* **Description of the task**
From the listing below, copy only the lines running from the line that contains "#1121=CARTESIAN_POINT('',(-19.879,26.7,-22.468));" to the line that contains "#1126=CARTESIAN_POINT('Origin',(0.,27.2,0.));", both included.
______
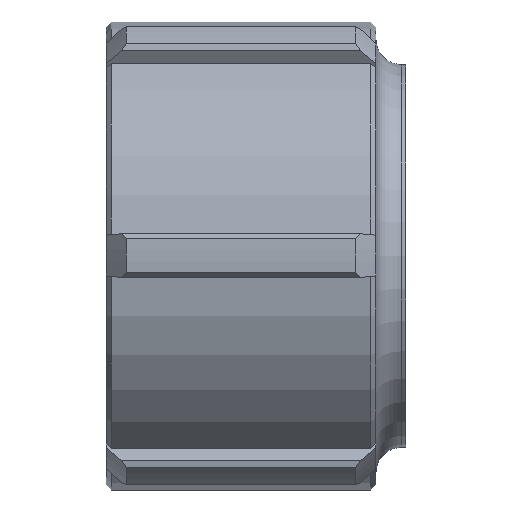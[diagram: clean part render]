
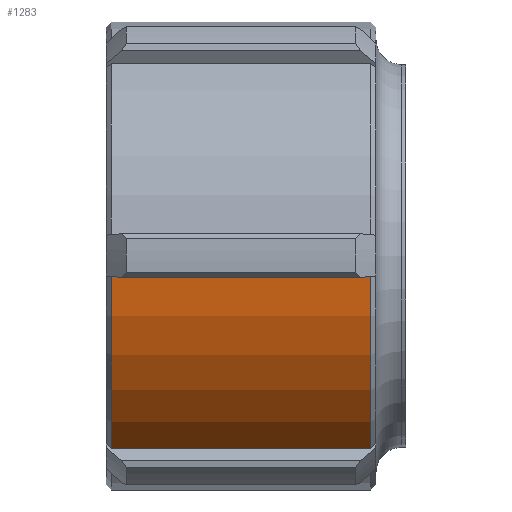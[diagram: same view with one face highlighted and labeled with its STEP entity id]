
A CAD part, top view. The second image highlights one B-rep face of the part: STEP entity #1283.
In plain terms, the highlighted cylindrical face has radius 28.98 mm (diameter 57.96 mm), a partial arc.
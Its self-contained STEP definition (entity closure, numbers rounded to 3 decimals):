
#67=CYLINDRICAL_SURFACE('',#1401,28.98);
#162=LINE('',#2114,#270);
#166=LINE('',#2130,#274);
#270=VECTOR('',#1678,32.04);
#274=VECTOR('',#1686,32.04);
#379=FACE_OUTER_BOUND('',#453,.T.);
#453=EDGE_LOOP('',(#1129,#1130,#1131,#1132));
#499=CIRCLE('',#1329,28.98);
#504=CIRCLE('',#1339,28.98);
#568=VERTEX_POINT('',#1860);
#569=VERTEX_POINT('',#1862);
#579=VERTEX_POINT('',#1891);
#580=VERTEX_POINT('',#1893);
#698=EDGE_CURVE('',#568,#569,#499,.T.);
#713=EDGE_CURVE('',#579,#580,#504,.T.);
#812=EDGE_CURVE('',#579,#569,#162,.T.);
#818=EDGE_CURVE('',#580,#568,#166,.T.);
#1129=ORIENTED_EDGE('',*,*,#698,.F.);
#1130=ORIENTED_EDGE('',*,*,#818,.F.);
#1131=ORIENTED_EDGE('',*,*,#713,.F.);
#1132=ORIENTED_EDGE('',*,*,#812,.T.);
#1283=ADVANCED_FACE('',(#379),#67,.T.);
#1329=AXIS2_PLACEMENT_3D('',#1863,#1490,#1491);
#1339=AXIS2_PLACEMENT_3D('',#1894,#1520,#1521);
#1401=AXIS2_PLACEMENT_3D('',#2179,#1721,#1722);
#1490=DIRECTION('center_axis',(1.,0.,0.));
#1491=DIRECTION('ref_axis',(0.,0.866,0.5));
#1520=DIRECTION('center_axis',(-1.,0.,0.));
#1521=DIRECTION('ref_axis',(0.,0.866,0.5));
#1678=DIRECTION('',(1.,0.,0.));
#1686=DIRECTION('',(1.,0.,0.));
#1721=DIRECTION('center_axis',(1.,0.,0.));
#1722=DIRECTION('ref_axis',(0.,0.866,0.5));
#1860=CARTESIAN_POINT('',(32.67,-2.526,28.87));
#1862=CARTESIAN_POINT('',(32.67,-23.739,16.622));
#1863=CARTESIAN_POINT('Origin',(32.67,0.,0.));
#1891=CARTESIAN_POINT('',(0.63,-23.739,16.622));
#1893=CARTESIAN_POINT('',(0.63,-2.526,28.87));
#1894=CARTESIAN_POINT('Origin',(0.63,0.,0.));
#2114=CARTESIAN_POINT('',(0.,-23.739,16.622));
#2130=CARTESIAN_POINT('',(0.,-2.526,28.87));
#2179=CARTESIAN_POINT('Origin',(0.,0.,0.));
______
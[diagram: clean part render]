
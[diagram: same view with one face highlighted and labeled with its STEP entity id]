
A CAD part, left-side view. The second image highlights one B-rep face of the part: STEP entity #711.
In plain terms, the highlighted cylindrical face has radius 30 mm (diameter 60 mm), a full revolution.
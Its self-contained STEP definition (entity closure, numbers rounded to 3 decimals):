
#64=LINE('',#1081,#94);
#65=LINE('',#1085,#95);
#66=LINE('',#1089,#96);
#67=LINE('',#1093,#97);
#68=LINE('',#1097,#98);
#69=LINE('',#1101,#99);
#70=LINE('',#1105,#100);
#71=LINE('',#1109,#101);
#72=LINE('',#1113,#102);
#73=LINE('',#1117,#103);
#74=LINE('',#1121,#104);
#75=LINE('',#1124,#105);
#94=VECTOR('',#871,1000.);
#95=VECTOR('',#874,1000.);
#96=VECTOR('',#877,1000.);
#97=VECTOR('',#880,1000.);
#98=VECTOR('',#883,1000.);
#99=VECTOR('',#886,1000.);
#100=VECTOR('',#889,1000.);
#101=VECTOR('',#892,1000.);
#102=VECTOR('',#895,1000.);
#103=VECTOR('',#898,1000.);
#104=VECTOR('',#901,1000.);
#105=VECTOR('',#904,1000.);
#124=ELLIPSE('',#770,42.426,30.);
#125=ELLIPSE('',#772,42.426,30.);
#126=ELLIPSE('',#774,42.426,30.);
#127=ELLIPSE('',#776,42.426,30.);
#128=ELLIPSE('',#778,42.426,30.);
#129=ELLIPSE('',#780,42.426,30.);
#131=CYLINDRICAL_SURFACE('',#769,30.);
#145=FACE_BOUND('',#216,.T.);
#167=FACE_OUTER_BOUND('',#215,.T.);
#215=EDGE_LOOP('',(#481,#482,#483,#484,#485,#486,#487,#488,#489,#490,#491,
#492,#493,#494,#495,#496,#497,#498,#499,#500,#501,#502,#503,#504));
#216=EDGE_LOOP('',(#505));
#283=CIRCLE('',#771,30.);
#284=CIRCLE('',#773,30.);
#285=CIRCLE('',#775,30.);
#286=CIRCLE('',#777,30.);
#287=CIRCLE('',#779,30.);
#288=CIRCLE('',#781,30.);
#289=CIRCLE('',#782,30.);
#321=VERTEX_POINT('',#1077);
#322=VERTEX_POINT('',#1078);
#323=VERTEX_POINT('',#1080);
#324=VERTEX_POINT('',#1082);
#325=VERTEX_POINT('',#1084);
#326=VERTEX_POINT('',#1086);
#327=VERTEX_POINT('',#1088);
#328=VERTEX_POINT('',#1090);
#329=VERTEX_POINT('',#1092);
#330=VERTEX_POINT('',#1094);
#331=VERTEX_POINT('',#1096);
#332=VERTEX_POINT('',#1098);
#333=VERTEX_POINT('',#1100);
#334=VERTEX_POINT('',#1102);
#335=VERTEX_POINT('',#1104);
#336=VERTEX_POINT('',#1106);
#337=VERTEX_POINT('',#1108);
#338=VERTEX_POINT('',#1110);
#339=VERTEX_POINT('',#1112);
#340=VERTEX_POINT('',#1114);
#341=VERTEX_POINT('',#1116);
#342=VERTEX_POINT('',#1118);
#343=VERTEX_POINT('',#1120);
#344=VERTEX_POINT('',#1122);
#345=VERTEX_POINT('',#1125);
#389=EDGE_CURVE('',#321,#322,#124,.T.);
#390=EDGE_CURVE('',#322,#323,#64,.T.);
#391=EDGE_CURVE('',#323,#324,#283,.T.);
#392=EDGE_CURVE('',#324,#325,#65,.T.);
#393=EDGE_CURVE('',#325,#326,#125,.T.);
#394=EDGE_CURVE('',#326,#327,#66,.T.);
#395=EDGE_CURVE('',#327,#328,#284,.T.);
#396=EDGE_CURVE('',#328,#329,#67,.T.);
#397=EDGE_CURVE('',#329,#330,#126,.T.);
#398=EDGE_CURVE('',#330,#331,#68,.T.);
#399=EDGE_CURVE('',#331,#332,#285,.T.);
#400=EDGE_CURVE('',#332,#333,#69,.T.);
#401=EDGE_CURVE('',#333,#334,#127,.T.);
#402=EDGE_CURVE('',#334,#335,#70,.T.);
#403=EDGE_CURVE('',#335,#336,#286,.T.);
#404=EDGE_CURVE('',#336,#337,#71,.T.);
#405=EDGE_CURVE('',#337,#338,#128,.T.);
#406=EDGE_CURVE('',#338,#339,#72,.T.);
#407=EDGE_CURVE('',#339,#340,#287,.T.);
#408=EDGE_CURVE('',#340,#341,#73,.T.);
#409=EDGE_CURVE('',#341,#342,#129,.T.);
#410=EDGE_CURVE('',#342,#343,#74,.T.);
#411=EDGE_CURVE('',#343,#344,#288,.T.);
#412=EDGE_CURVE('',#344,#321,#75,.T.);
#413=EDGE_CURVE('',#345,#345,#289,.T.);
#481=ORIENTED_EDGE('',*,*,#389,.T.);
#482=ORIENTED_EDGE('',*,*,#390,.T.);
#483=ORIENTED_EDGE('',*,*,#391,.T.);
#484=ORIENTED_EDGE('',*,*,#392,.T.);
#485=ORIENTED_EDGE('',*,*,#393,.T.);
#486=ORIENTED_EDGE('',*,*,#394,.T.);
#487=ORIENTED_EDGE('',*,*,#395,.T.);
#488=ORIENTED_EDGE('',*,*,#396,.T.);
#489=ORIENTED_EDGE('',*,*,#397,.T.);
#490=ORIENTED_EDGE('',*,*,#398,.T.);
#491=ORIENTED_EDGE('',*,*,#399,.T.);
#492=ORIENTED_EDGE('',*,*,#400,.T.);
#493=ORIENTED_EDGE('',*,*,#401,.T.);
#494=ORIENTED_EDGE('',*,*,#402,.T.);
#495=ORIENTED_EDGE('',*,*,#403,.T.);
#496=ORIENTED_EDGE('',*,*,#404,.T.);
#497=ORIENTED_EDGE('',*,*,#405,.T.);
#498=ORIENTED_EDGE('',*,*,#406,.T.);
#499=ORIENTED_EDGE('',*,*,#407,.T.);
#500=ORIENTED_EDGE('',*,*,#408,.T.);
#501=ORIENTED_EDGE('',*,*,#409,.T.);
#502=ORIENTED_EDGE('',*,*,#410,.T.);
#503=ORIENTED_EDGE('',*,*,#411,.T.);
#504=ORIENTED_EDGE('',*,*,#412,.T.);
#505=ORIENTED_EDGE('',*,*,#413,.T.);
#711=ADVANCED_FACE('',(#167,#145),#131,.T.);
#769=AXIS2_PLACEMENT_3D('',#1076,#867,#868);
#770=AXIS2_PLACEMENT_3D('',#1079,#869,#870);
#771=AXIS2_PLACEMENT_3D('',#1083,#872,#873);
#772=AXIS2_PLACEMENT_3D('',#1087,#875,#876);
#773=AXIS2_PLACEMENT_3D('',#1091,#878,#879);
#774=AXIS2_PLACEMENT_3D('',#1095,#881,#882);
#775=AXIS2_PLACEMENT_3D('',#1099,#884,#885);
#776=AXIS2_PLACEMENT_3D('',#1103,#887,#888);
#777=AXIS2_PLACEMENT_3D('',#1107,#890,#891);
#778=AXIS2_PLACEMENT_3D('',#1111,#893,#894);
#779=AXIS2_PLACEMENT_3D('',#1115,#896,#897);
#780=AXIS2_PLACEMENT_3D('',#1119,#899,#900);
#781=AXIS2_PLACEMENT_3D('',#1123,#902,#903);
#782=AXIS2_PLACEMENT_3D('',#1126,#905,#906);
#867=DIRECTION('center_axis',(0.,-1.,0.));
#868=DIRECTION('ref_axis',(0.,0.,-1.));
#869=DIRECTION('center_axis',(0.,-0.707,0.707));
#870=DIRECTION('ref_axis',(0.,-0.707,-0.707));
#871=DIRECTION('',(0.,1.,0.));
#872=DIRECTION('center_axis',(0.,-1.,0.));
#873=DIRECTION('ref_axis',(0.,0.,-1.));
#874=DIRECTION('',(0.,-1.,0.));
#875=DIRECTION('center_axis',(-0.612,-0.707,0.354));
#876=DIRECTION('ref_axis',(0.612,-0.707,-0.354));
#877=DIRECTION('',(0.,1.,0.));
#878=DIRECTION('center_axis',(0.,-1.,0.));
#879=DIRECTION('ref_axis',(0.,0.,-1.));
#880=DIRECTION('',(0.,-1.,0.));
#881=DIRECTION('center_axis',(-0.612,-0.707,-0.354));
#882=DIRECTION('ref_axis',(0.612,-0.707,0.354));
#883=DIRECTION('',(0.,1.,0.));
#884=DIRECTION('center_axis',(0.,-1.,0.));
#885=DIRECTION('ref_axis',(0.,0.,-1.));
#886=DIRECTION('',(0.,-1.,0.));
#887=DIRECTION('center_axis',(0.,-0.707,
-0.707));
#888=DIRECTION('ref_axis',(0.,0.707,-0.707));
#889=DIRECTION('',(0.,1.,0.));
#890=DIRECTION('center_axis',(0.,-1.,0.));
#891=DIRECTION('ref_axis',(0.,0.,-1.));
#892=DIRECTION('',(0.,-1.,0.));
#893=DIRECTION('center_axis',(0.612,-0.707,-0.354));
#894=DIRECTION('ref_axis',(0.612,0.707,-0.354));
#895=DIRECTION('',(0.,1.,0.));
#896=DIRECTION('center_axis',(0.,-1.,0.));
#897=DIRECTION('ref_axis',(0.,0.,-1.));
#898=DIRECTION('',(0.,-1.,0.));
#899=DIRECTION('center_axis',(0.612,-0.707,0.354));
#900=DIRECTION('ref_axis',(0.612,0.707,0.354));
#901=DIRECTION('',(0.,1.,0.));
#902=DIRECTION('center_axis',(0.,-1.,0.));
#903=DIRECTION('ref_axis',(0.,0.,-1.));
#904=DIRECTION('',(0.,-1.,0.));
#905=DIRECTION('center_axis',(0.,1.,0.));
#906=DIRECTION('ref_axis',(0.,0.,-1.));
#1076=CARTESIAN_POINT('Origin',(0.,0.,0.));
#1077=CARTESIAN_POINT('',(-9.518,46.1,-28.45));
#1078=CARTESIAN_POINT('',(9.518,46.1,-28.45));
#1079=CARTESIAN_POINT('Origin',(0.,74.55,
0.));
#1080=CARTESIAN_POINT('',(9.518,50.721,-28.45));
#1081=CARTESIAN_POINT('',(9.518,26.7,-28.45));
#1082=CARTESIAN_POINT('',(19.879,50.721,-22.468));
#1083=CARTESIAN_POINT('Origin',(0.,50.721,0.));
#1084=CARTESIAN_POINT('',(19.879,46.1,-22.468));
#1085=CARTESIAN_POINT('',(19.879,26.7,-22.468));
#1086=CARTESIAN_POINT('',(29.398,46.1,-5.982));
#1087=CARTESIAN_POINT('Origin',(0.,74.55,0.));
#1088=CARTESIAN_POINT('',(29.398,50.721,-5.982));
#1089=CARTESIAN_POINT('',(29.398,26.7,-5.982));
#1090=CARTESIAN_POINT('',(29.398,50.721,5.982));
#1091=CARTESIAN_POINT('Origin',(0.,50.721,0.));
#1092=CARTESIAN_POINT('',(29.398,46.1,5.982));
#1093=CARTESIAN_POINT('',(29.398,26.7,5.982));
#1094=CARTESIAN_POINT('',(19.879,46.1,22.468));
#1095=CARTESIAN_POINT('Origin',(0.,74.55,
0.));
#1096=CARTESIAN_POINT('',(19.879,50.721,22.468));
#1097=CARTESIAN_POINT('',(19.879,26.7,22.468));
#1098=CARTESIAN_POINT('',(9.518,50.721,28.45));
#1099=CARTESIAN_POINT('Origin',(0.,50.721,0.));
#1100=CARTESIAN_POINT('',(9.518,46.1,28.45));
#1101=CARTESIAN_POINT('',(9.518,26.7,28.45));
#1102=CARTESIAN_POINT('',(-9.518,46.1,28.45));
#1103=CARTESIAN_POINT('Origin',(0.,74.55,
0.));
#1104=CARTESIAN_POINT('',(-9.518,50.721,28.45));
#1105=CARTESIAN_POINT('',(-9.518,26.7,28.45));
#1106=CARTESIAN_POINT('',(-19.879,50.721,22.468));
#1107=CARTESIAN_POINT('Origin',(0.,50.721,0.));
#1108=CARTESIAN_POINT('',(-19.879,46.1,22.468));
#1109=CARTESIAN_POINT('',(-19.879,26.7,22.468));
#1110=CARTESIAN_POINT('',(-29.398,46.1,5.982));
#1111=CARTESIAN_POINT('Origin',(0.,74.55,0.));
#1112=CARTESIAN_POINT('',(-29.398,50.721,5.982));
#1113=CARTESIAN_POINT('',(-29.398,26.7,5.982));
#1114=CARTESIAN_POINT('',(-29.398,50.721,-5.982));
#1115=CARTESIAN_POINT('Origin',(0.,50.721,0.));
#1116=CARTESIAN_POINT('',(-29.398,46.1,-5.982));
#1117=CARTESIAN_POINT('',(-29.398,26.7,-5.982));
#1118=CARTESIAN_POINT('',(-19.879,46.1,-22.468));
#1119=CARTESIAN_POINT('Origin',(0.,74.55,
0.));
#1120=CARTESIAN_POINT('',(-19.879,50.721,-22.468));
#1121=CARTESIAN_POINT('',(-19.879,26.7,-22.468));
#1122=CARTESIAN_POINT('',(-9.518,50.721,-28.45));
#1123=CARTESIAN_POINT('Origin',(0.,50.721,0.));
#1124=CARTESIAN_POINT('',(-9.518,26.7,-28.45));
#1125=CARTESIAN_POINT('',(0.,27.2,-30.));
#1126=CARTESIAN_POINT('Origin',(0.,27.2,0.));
______
* **Exercise result**
#1121=CARTESIAN_POINT('',(-19.879,26.7,-22.468));
#1122=CARTESIAN_POINT('',(-9.518,50.721,-28.45));
#1123=CARTESIAN_POINT('Origin',(0.,50.721,0.));
#1124=CARTESIAN_POINT('',(-9.518,26.7,-28.45));
#1125=CARTESIAN_POINT('',(0.,27.2,-30.));
#1126=CARTESIAN_POINT('Origin',(0.,27.2,0.));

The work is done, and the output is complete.